# I would not want a pet that had to be fed live things



## debodun (Dec 24, 2020)

Some people get a kick out of watching a predatory pet stalk and kill live food. Man.....


----------



## MarciKS (Dec 24, 2020)

I wouldn't want one like that either deb. It's gross.


----------



## win231 (Dec 24, 2020)

debodun said:


> Some people get a kick out of watching a predatory pet stalk and kill live food. Man.....

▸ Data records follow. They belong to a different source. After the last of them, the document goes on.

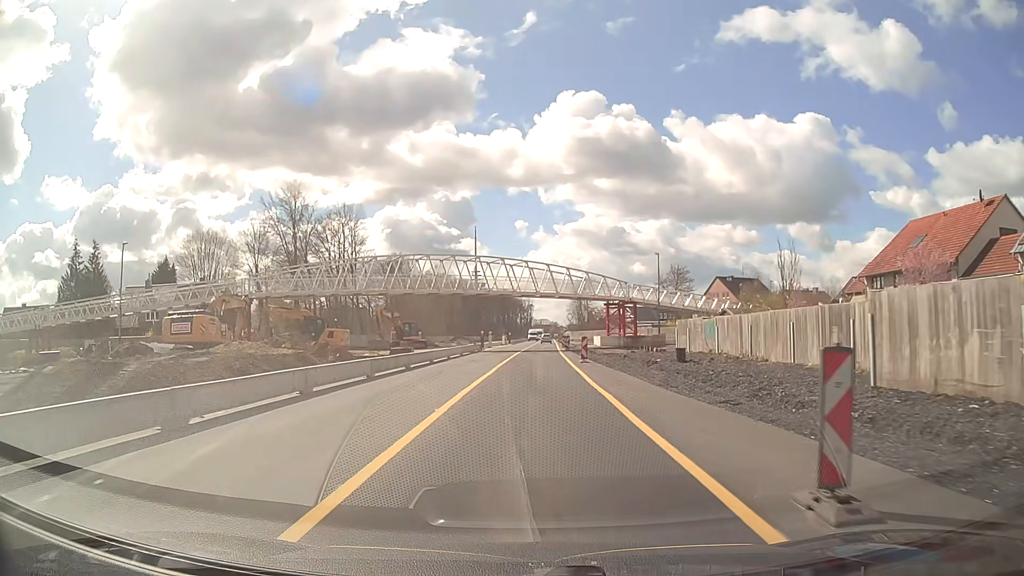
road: trunk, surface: asphalt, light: Day
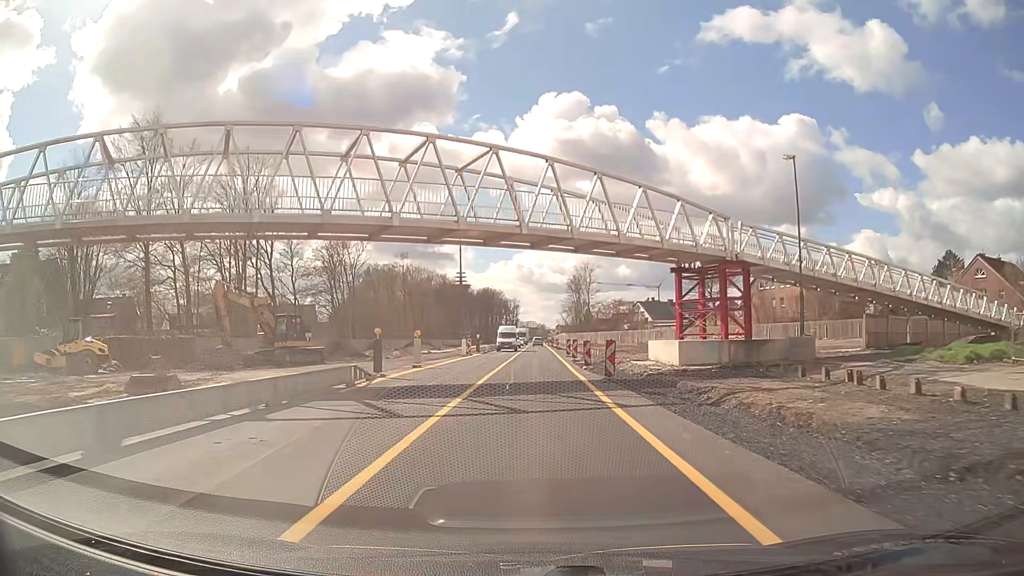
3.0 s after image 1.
(+0.4, +38.0) m; +1°
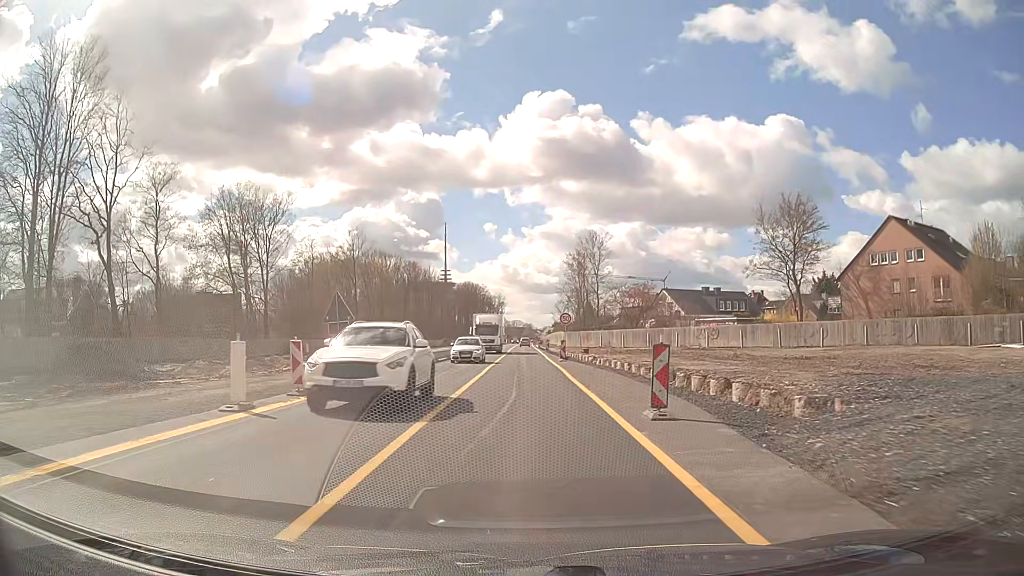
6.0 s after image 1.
(+0.3, +38.0) m; +1°
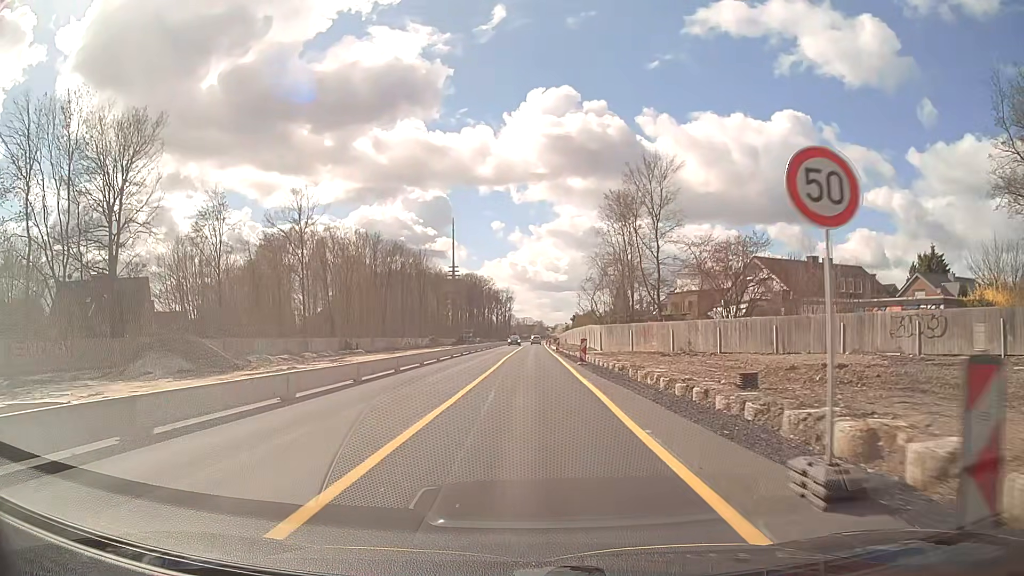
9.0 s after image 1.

You are obviously in serious denial & not living in the real world.
Your avatar is a cute kitten.  All cats are predators that survive by stalking & killing live food.  That includes bobcats, lions, tigers, AND house cats. So are all dogs, which include coyotes, foxes, wolves AND domesticated dogs.
The only reason we can have cats & dogs as pets is because someone else does the killing for them so we can feed them food that doesn't resemble what it really is - which is animals that have been killed & ground up.

And how do you suppose we're able to eat chicken, beef, pork or fish?  Someone else killed & disguised it.  Predatory animals can't cook their food or disguise it.


----------



## Rosemarie (Dec 24, 2020)

win231 said:


> You are obviously in serious denial & not living in the real world.
> Your avatar is a cute kitten.  All cats are predators that survive by stalking & killing live food.  That includes bobcats, lions, tigers, AND house cats. So are all dogs, which include coyotes, foxes, wolves AND domesticated dogs.
> The only reason we can have cats & dogs as pets is because someone else does the killing for them so we can feed them food that doesn't resemble what it really is - which is animals that have been killed & ground up.
> 
> And how do you suppose we're able to eat chicken, beef, pork or fish?  Someone else killed & disguised it.  Predatory animals can't cook their food or disguise it.

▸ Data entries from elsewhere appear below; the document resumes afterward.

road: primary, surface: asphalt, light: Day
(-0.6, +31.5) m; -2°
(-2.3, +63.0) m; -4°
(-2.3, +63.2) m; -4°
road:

What you say about cats and dogs is very true. What we see as cute playing with toys is in fact replicating the stalking and killing of prey. However, there is a difference between owning a dog or cat and feeding them 'dead' food...and buying a live creature in order to watch it being killed and eaten by a snake.


----------



## Aunt Bea (Dec 24, 2020)

It might not be all bad!


----------



## Judycat (Dec 24, 2020)

Pet cats would rather eat cat food than have to go out and hunt for food. Once they reach around three years old many pet cats don't bother with prey anymore. Some do. A lot though would rather lie around and wait for the sound of a can being opened.


----------



## win231 (Dec 24, 2020)

Rosemarie said:


> What you say about cats and dogs is very true. What we see as cute playing with toys is in fact replicating the stalking and killing of prey. However, there is a difference between owning a dog or cat and feeding them 'dead' food...and buying a live creature in order to watch it being killed and eaten by a snake.


Snakes, (like cats & dogs) are carnivores.  If someone chooses to have a pet snake, what do you expect them to feed it?  Let it starve to death? You are trying to demonize people who own a pet you don't care for by creating a difference where there is none.  Hypocrisy at its best.
And, a much-higher power than you decided what snakes eat.


----------



## AnnieA (Dec 24, 2020)

win231 said:


> Snakes, (like cats & dogs) are carnivores.  If someone chooses to have a pet snake, what do you expect them to feed it?  Let it starve to death? You are trying to demonize people who own a pet you don't care for by creating a difference where there is none.  Hypocrisy at its best.
> And, a much-higher power than you decided what snakes eat.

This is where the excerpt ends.